[Dataset items]
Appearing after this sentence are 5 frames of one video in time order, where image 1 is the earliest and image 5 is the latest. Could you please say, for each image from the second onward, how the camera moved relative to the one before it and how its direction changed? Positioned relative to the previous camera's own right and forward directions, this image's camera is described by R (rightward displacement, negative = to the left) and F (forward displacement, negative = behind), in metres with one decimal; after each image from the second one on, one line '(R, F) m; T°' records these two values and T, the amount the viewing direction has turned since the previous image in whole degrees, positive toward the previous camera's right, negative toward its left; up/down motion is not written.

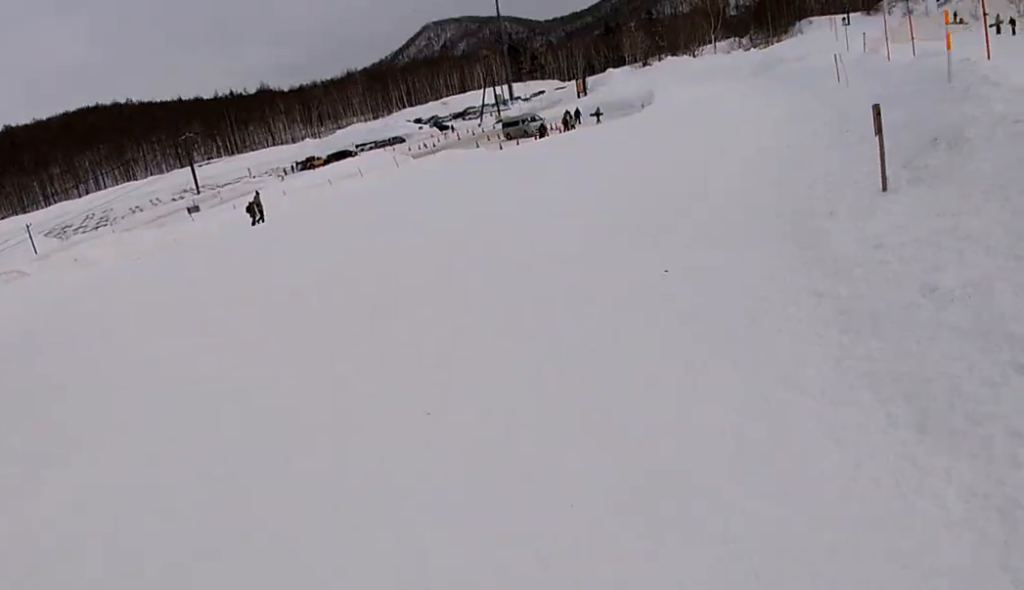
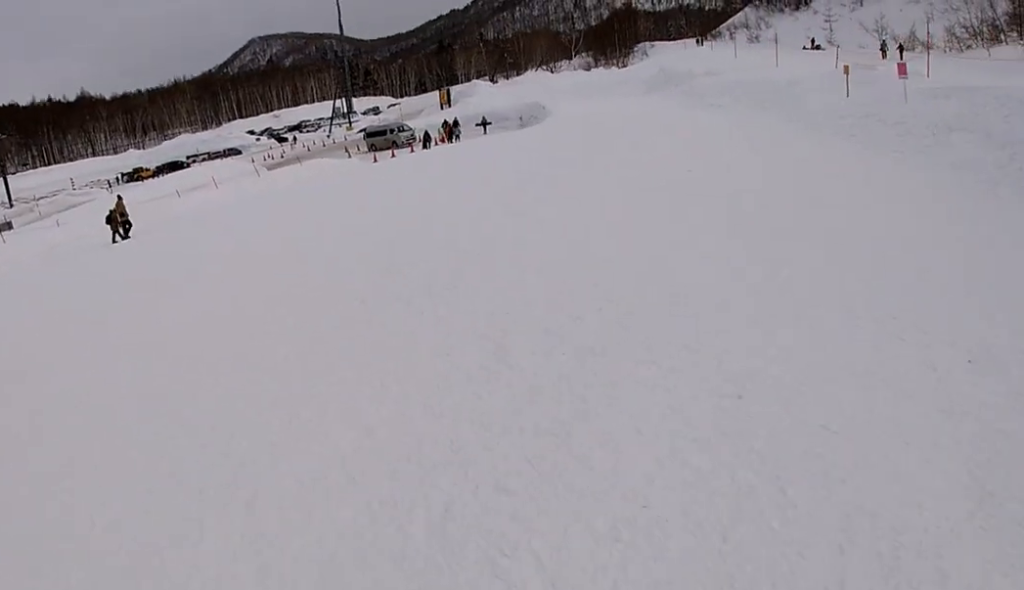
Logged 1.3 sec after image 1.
(+2.2, +8.0) m; +22°
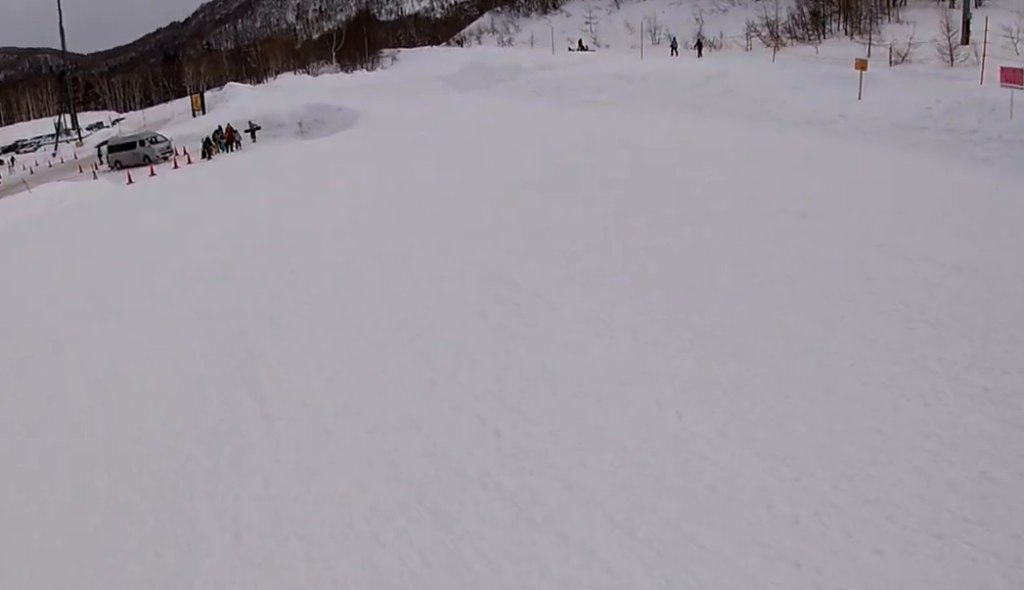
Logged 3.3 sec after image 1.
(+3.2, +9.7) m; +28°
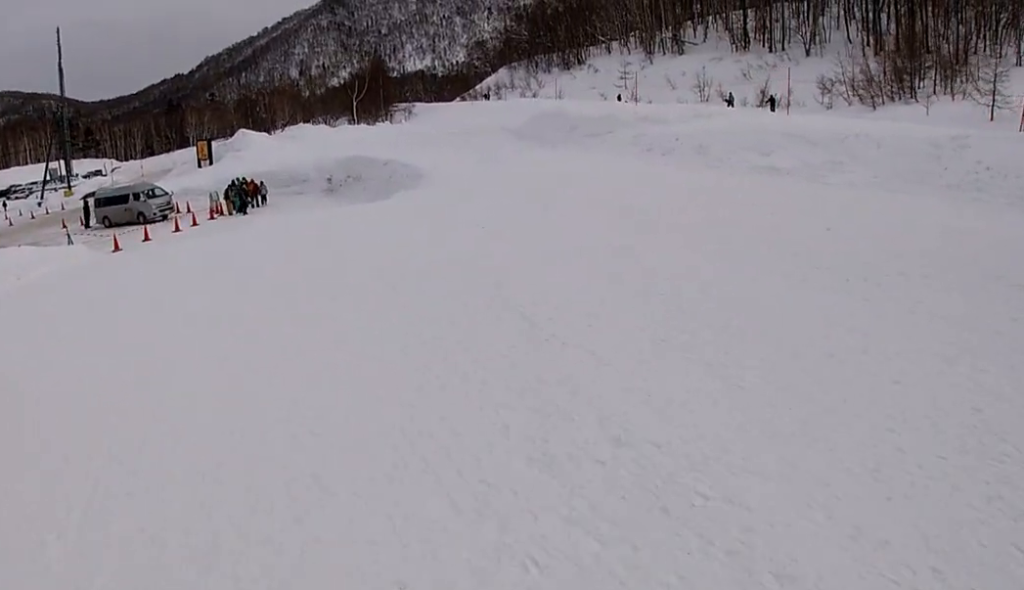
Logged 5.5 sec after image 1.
(0.0, +9.2) m; 0°
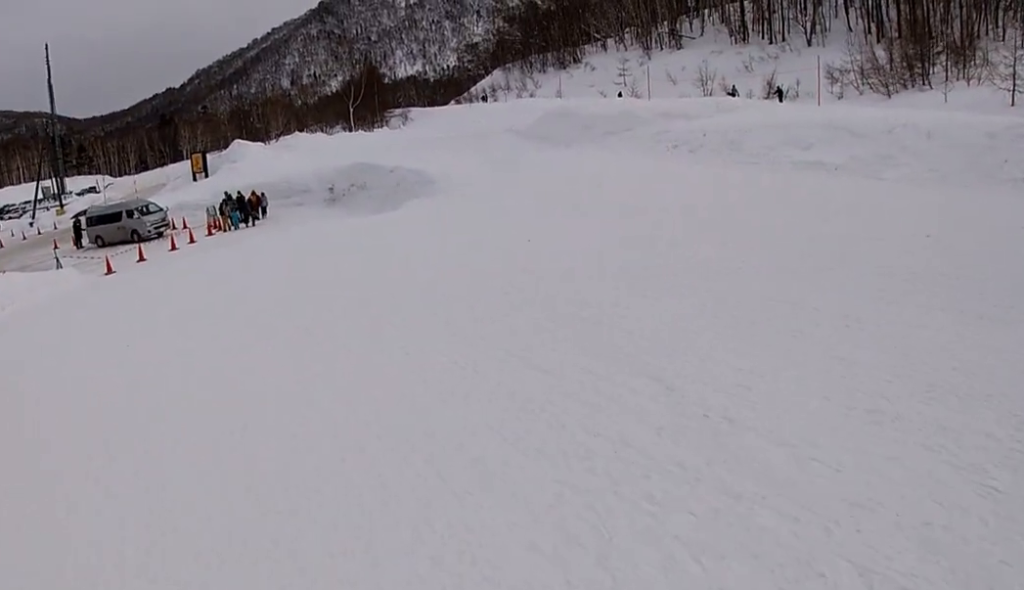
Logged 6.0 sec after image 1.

--- THE TASK ---
Return all records above verbatim without their pictures.

--- RESULT OF THE EXERCISE ---
Appearing after this sentence are 5 frames of one video in time order, where image 1 is the earliest and image 5 is the latest. Could you please say, for each image from the second onward, how the camera moved relative to the one before it and how its direction changed? Positioned relative to the previous camera's own right and forward directions, this image's camera is described by R (rightward displacement, negative = to the left) and F (forward displacement, negative = behind), in metres with one decimal; after each image from the second one on, one line '(R, F) m; T°' records these two values and T, the amount the viewing direction has turned since the previous image in whole degrees, positive toward the previous camera's right, negative toward its left; up/down motion is not written.

Logged 1.3 sec after image 1.
(+2.2, +8.0) m; +22°
Logged 3.3 sec after image 1.
(+3.2, +9.7) m; +28°
Logged 5.5 sec after image 1.
(0.0, +9.2) m; 0°
Logged 6.0 sec after image 1.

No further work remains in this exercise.